◆ **Problem to work on**: An exact copy of every record, with no pictures, please.

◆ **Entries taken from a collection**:
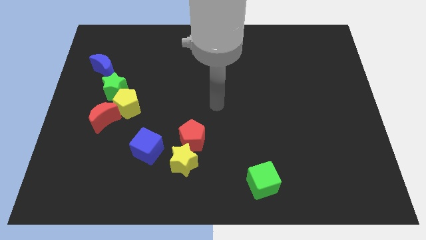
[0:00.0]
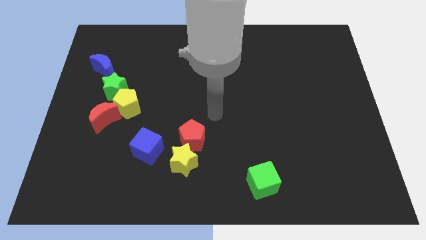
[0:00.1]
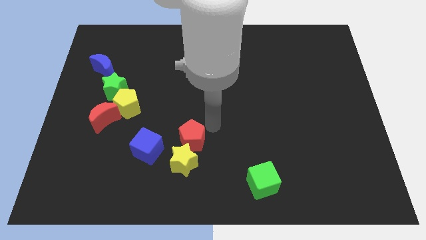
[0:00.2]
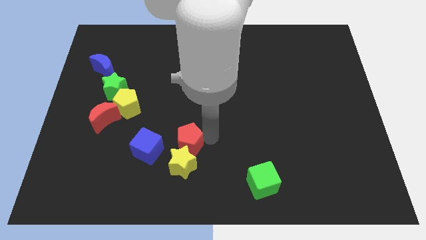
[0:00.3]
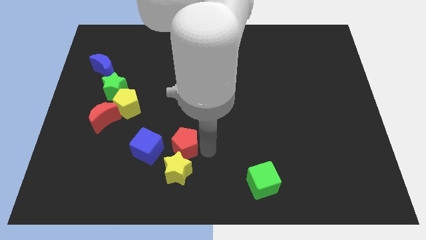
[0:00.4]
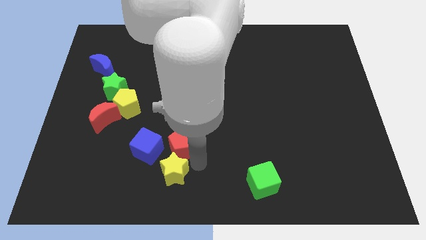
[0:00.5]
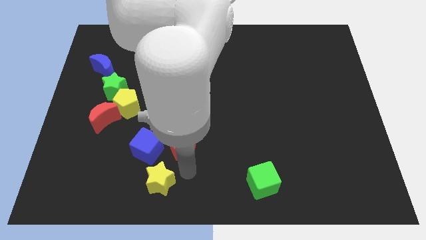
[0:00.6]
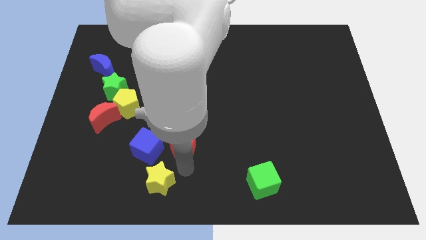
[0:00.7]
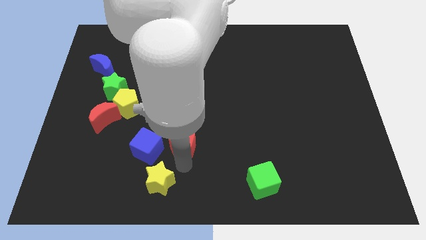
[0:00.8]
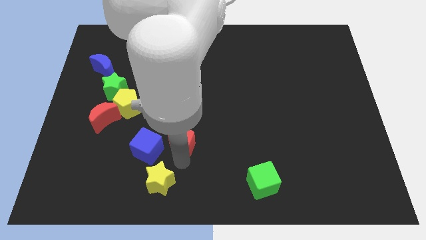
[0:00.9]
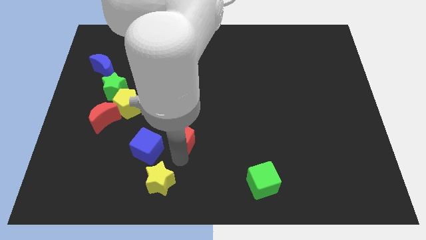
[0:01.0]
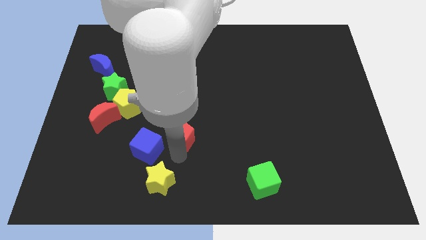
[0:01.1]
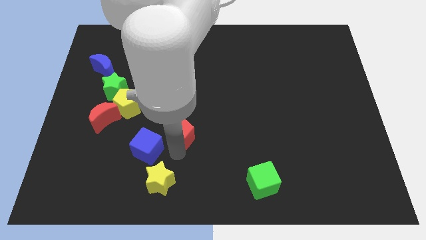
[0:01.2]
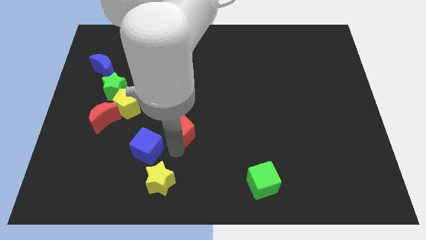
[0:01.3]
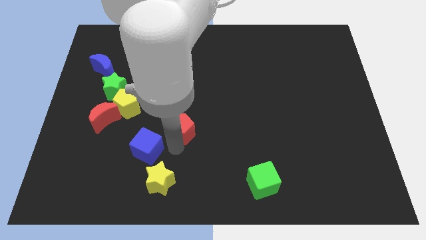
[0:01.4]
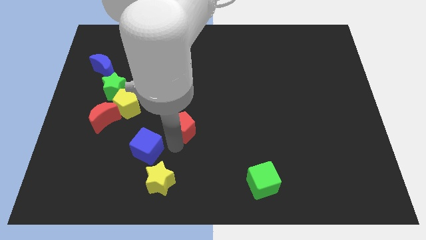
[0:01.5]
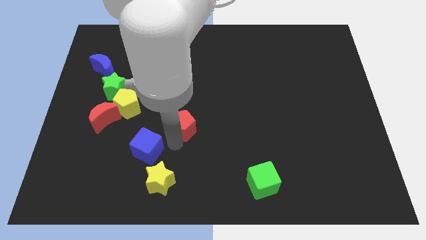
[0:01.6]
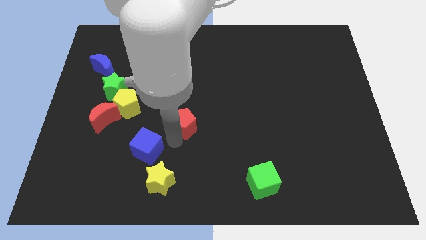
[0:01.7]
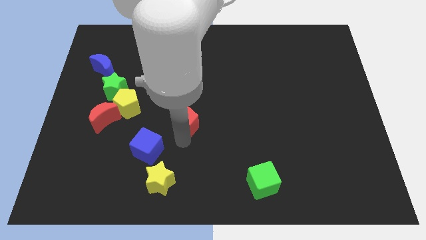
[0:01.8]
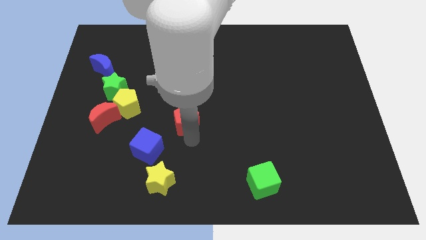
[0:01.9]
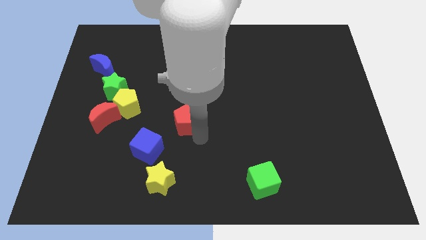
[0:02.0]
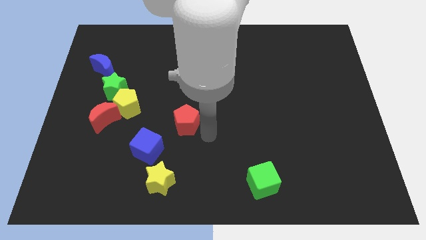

◆ **Answer below**:
[0:00.0]
[0:00.1]
[0:00.2]
[0:00.3]
[0:00.4]
[0:00.5]
[0:00.6]
[0:00.7]
[0:00.8]
[0:00.9]
[0:01.0]
[0:01.1]
[0:01.2]
[0:01.3]
[0:01.4]
[0:01.5]
[0:01.6]
[0:01.7]
[0:01.8]
[0:01.9]
[0:02.0]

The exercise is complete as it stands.